When handling sensitive data (e.g. …), consider encryption, or secure locations, and make sure that your anti-virus software is current. Whenever possible, sensitive data must be stored behind a firewall.
- Describe acquisition, processing, analysis and quality control steps
- Describe parameters, formats, resolution of data set
- Describe context and stakeholders involved in data collection
In order to maintain data quality and provide for re-usability of data, describing the context of data collection, parameters measured, and actions taken upon the data, is a critical aspect of data management throughout the data life cycle. Documentation of data makes it possible to understand and use the data in the future. Digital metadata standards should be used for describing data sets and can be obtained at a domain repository. The following are some considerations when describing data, e.g., modified after Strasser et al. (2012):
- Data set name
- List of file names in data set
- Date of last modification
- Pertinent companion files
- List of related or ancillary data sets and samples
- List of samples used for the analyses (IGSN)
- Software used to prepare/read data
- Data processing steps
2. Personnel and stakeholders
- Who collected or created the data and respective PIDs (e.g. ORCID)
- Who should be contacted about data
- Sponsors, funding agencies etc.
3. Scientific context
- Why were the data collected?
- What data were collected?
- What instruments (including serial numbers) were used
- Environmental conditions during collection
- Location of data collection
- Spatial resolution
- Date of data collection (if appropriate)
- Temporal resolution
- Standards and calibrations used
4. Information about parameters
- How each was measured or produced
- What units are used
- What format are the data stored
- Precision, accuracy, uncertainty
- Information about data
- Definitions of codes and abbreviations used
- Quality control measurements
- Known limitations on data use (e.g. uncertainty, sampling problems)

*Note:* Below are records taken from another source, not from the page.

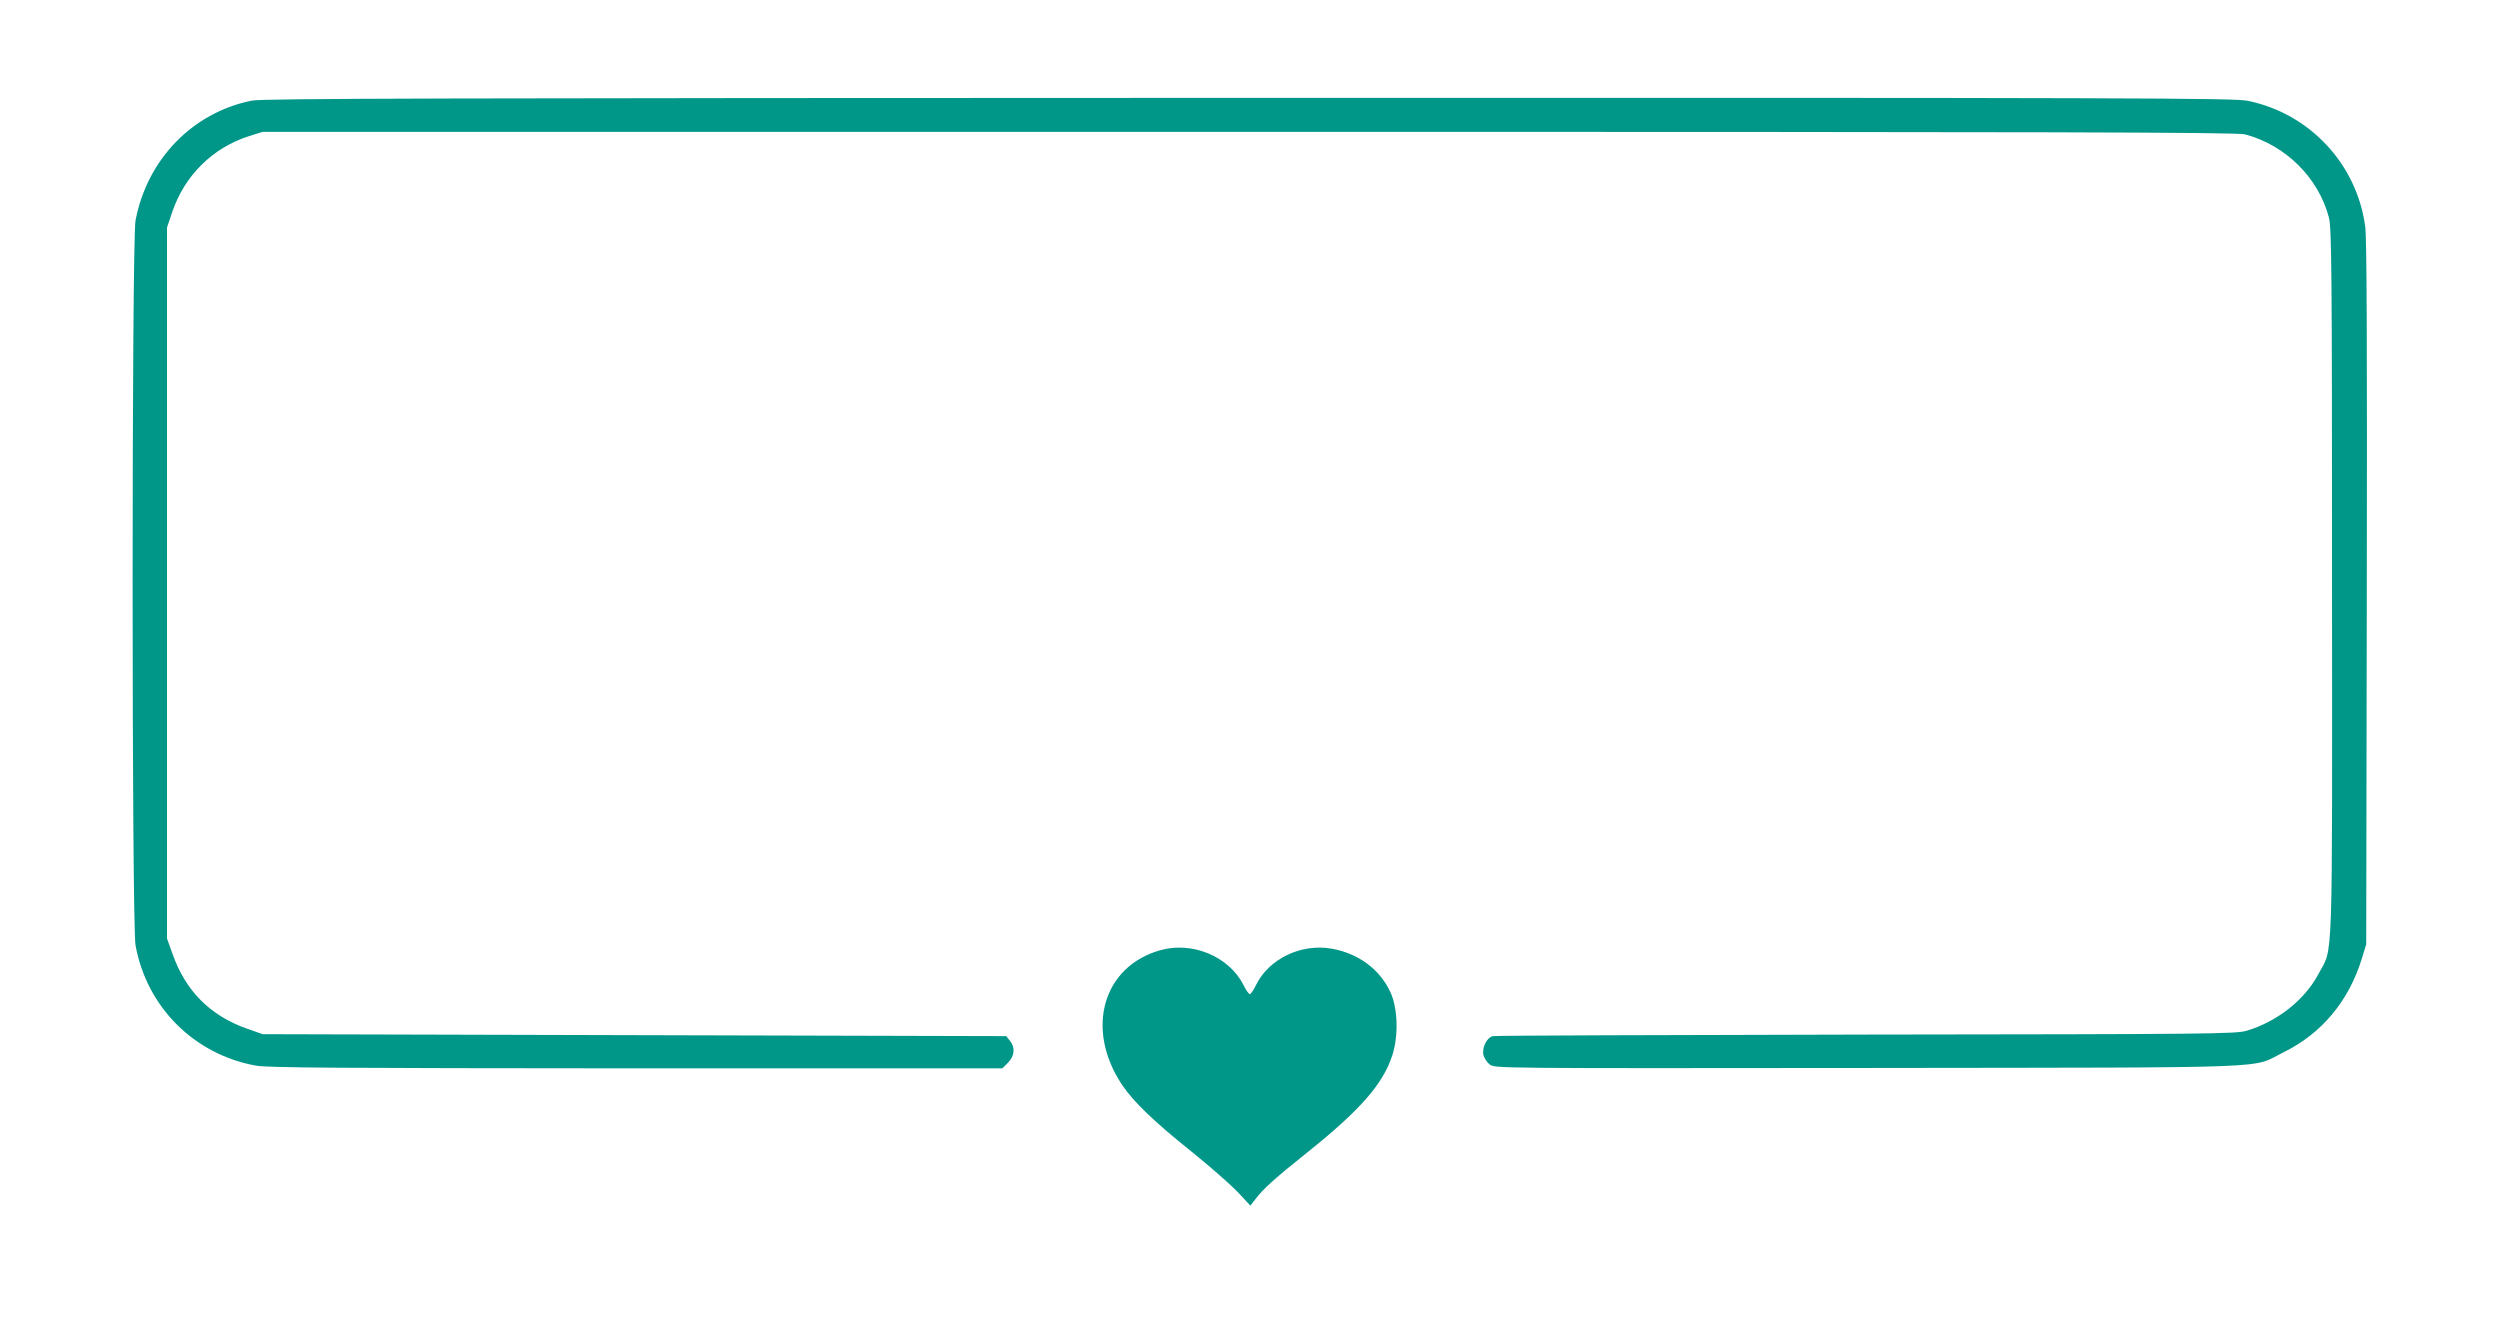 <?xml version="1.0" standalone="no"?>
<!DOCTYPE svg PUBLIC "-//W3C//DTD SVG 20010904//EN"
 "http://www.w3.org/TR/2001/REC-SVG-20010904/DTD/svg10.dtd">
<svg version="1.0" xmlns="http://www.w3.org/2000/svg"
 width="1280pt" height="678pt" viewBox="0 0 1280 678"
 preserveAspectRatio="xMidYMid meet">
<g transform="translate(0,678) scale(0.1,-0.1)"
fill="#009688" stroke="none">
<path d="M1290 6265 c-304 -61 -536 -300 -596 -613 -20 -108 -20 -3599 0
-3712 57 -316 300 -559 616 -616 61 -11 415 -13 1948 -14 l1874 0 29 29 c34
35 38 77 10 112 l-19 24 -1904 5 -1903 5 -80 28 c-189 67 -315 193 -382 384
l-28 78 0 1820 0 1820 27 80 c64 188 208 329 393 388 l70 22 5050 0 c4141 0
5059 -2 5100 -13 207 -55 376 -222 429 -426 14 -52 16 -279 16 -1870 1 -2013
6 -1860 -68 -2000 -70 -134 -211 -246 -368 -293 -55 -17 -178 -18 -1949 -20
-1039 -2 -1900 -5 -1912 -8 -30 -7 -56 -58 -48 -96 4 -16 18 -38 32 -49 26
-20 30 -20 1942 -18 2157 3 1949 -5 2126 82 192 95 330 260 397 476 l23 75 3
1795 c2 1262 0 1820 -8 1879 -42 320 -284 580 -602 645 -70 14 -560 16 -5115
15 -4097 -1 -5050 -3 -5103 -14z"/>
<path d="M5941 1915 c-295 -83 -386 -403 -197 -688 57 -86 166 -191 354 -341
92 -74 198 -167 236 -206 l68 -73 26 34 c41 53 94 102 272 244 268 215 382
347 429 493 32 100 28 242 -11 324 -55 117 -164 197 -301 221 -157 27 -322
-53 -387 -188 -12 -25 -26 -45 -31 -45 -5 0 -20 21 -33 48 -74 145 -261 223
-425 177z"/>
</g>
</svg>

- Define quality classification criteria
- Describe quality control workflow
- Include data quality flags in data files
Data quality management refers to workflows and procedures used to assure proper data collection, handling, processing, usage and maintenance at all stages of the data life cycle. Quality control refers to data defect detection, such as spurious data, incorrect classification, missing values or transformation errors.
Consider utilizing quality flags for data contained within the data files themselves. This way, a user may decide what data is fit for use. Documenting quality control measures should include a description of data quality flags, classification criteria, and any procedures performed to make data suitable for use.